Хендрикс приложил к его губам палец.
– Смотри, мы сейчас оставим тебя поразмыслить над своим поведением. Запомни: долго или быстро – решать тебе. Расскажешь правду – все произойдет быстро и безболезненно. Обманешь – и тебе будет очень больно, и продлится это очень долго. Ты меня понял?
Тейт ничего не ответил.
– Ты понял меня? – переспросил Хендрикс угрожающе.
Пленник кивнул.
– Очень хорошо. Мы сейчас оставим тебя, а ты как следует поразмысли обо всем. Мы с напарником пойдем перекусим, а ты расслабляйся тут. Когда мы вернемся, ты расскажешь нам все о Сюзанне Ломбард. Или я сделаю так, что ты пожалеешь о своем упрямстве.
Хендрикс говорил спокойно, равнодушно, как о чем-то обыденном, словно решал, какого пива выпить.
Затем он кивнул Дженн, и они вышли, оставив Тейта болтаться в его камере. Тот пытался остановить их и вопил до тех пор, пока они не закрыли за собой дверь.
– О ком рассказать? О ком?! Я не знаю никакой Сюзанны! Не знаю! Какая еще Сюзанна Ломбард, эй, мужик! Я не знаю ее.
Он кричал снова и снова.
Дженн предпочла включить хеви-метал, лишь бы не слышать его голос. Он был так убедителен, так старался выполнить все, что ему говорили… Был так искренен… Ее сердце могло бы смягчиться, если б до этого Дженн много раз не наблюдала подобные сцены. Комната для допросов – величайшая школа актерского мастерства. Этим мерзавцам соврать так же просто, как высморкаться. Они бывают так убедительны, что у нее порой закрадывалась мысль, а не убеждают ли они самих себя в собственной невиновности. Но в конечном итоге все это не имело никакого значения. Единственная разница между всеми ними заключалась в том, как быстро допрашиваемые начинали это понимать. Дженн посмотрела на часы и нажала кнопку на пульте. Камера Тейта осветилась ярким молочно-белым светом. Его тело дернулось; было видно, как он кричит, будто свет обжигал его.
Музыка продолжала грохотать.
Дженн и Хендрикс вышли из камеры Тейта на солнечный свет. Дженн заперла дверь, затем они сняли свои комбинезоны и маски. В камере было отвратительно грязно и нечем дышать, так что оба обливались по́том. Хендрикс в одних трусах отошел в сторонку и закурил. Дженн в ее шортиках и лифчике даже не пришло в голову возмущаться откровенным нарядом напарника. В конце концов, они давно уже не придавали значения таким условностям.
Дженн направилась к своему командному пульту, по пути выудив из кулера четыре бутылки воды. Затем нашла небольшое затененное место, прислонилась спиной к стене и без сил сползла на землю. Когда вернулся Хендрикс, она протянула ему бутылку.
– Который час? – спросил он.
– Да шут с ним, с часом! Какой сегодня день недели?
Он достал телефон и сунул ей под нос.
– Когда успел наступить четверг? – изумилась она.
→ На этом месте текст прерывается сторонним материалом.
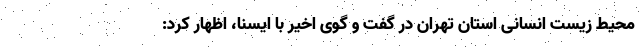
محیط زیست انسانی استان تهران در گفت و گوی اخیر با ایسنا، اظهار کرد:
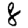
Digit: 8
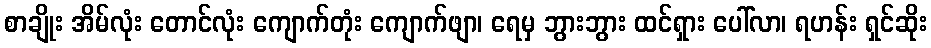
စာချိုး အိမ်လုံး တောင်လုံး ကျောက်တုံး ကျောက်ဖျာ၊ ရေမှ ဘွားဘွား ထင်ရှား ပေါ်လာ၊ ရဟန်း ရှင်ဆိုး
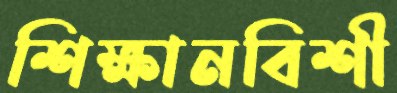
শিক্ষানবিশী
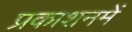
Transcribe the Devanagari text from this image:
प्रकाशनमें
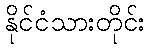
နိုင်ငံသားတိုင်း
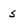
Character: s
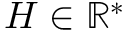
H \in \mathbb { R } ^ { * }
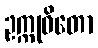
ဥက္ကုဓိတော
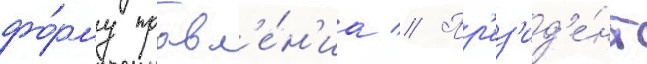
фо́рму правл'е́н'иа // Пр'ез'ид'е́нт
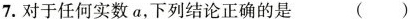
7.对于任何实数a，下列结论正确的是 ()
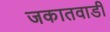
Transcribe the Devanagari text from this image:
जकातवाडी
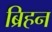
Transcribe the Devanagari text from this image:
ब्रिहन
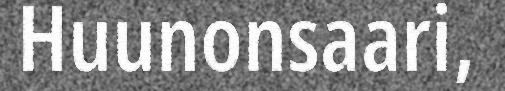
Huunonsaari,
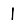
Digit: 1
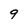
Character: 9
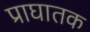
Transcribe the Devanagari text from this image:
प्राघातक
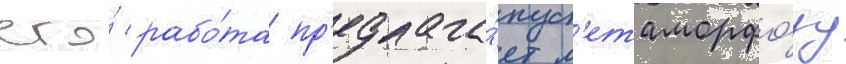
его́ рабо́та пр'едлага́ет м'етаморфо́зу
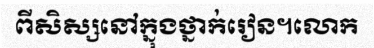
ពីសិស្សនៅក្នុងថ្នាក់រៀន។លោក
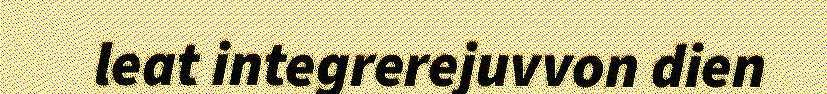
leat integrerejuvvon dien
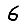
Digit: 6
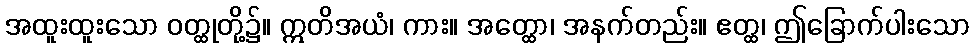
အထူးထူးသော ဝတ္ထုတို့၌။ ဣတိအယံ၊ ကား။ အတ္ထော၊ အနက်တည်း။ ဧတ္ထ၊ ဤခြောက်ပါးသော
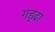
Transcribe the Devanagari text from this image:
गड़्ढा
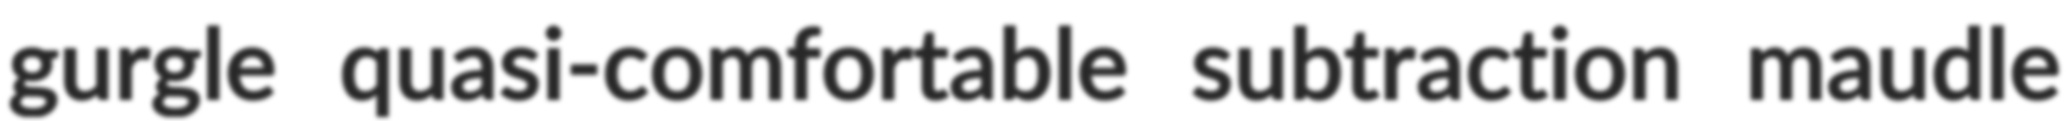
gurgle quasi-comfortable subtraction maudle
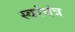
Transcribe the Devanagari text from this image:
स्वरंयंत्र
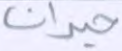
حيران
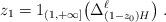
LaTeX: \begin{align*}z_1 = 1_{(1,+\infty]}\bigl(\Delta^\ell_{(1-z_0)H}\bigr) \; .\end{align*}
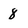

Они работали с Тейтом уже четвертый день. Дело продвигалось медленно, и Дженн с Хендриксом разошлись во мнении, насколько далеко им удалось уйти. Хендрикс считал, что все идет хорошо; Дженн несколько удивлялась тому, как все затянулось. Она рассчитывала расколоть Тейта значительно раньше. У этого жалкого похитителя детей оказался более крепкий характер, чем она ожидала. Ясно было лишь, что Тейт смирился с безнадежностью собственного положения. Теперь он смотрел на Дженн и Хендрикса как на богов, вершителей его судьбы. На этом этапе он старался угодить им, хотя и не признаваясь пока в собственной вине. Это был стандартный промежуточный этап. Он все еще ходил кругами, но с каждым разом эти круги становились все у́же.
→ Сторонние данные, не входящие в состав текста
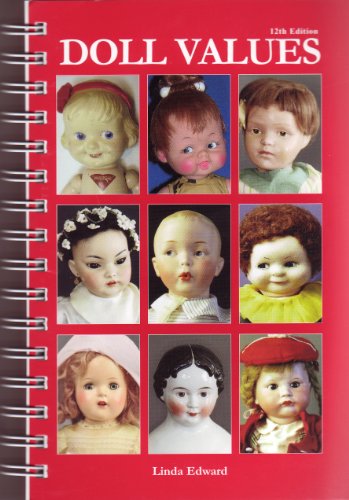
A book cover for Doll Values; Linda Edward; Crafts, Hobbies & Home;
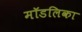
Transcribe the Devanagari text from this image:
मॉडलिका
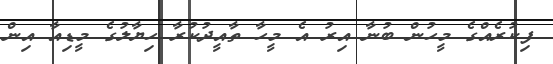
ފިކުރެއްގެ މީހުން ބުނާ އިރު އެ މީހާ ތާއީދުކުރާ ހިޔާލުގެ މީޑިއާ އިން
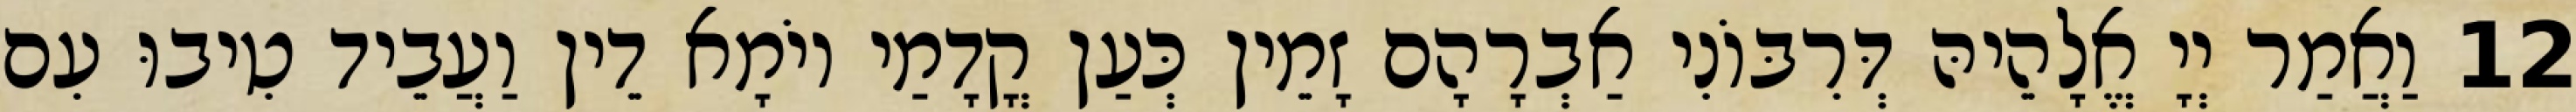
12 וַאֲמַר יְיָ אֱלָהֵיהּ דְּרִבּוֹנִי אַבְרָהָם זָמֵין כְּעַן קֳדָמַי יוֹמָא דֵין וַעֲבֵיד טִיבוּ עִם
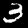
Label: 3
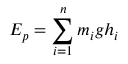
E _ { p } = \sum _ { i = 1 } ^ { n } m _ { i } g h _ { i }
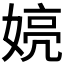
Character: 𫱍
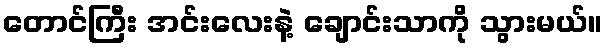
တောင်ကြီး အင်းလေးနဲ့ ချောင်းသာကို သွားမယ်။
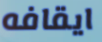
ايقافه
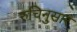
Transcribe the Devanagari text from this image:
रुचिनुसार
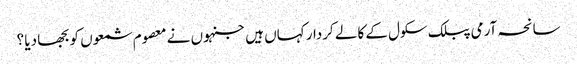
سانحہ آرمی پبلک سکول کے کالے کردار کہاں ہیں جنہوں نے معصوم شمعوں کو بجھا دیا ؟
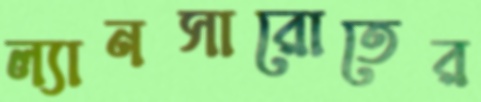
ল্যানসারোতের
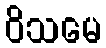
ဝိသမေ

В течение первых двух дней Тейт рассказывал сказку о том, что никогда даже не слышал о Сюзанне Ломбард и ее похищении. Это была глупая ложь, и Хендриксу пришлось поднажать на него, чтобы тот прекратил отпираться. Это случилось во вторник. Они заставили Тейта все рассказать. Он, естественно, был в курсе истории Сюзанны Ломбард и знал ее в подробностях. Но при этом не рассказал им ничего такого, о чем не сообщалось бы в прессе. Более того, он клялся, что никогда не пытался взломать серверы АКГ.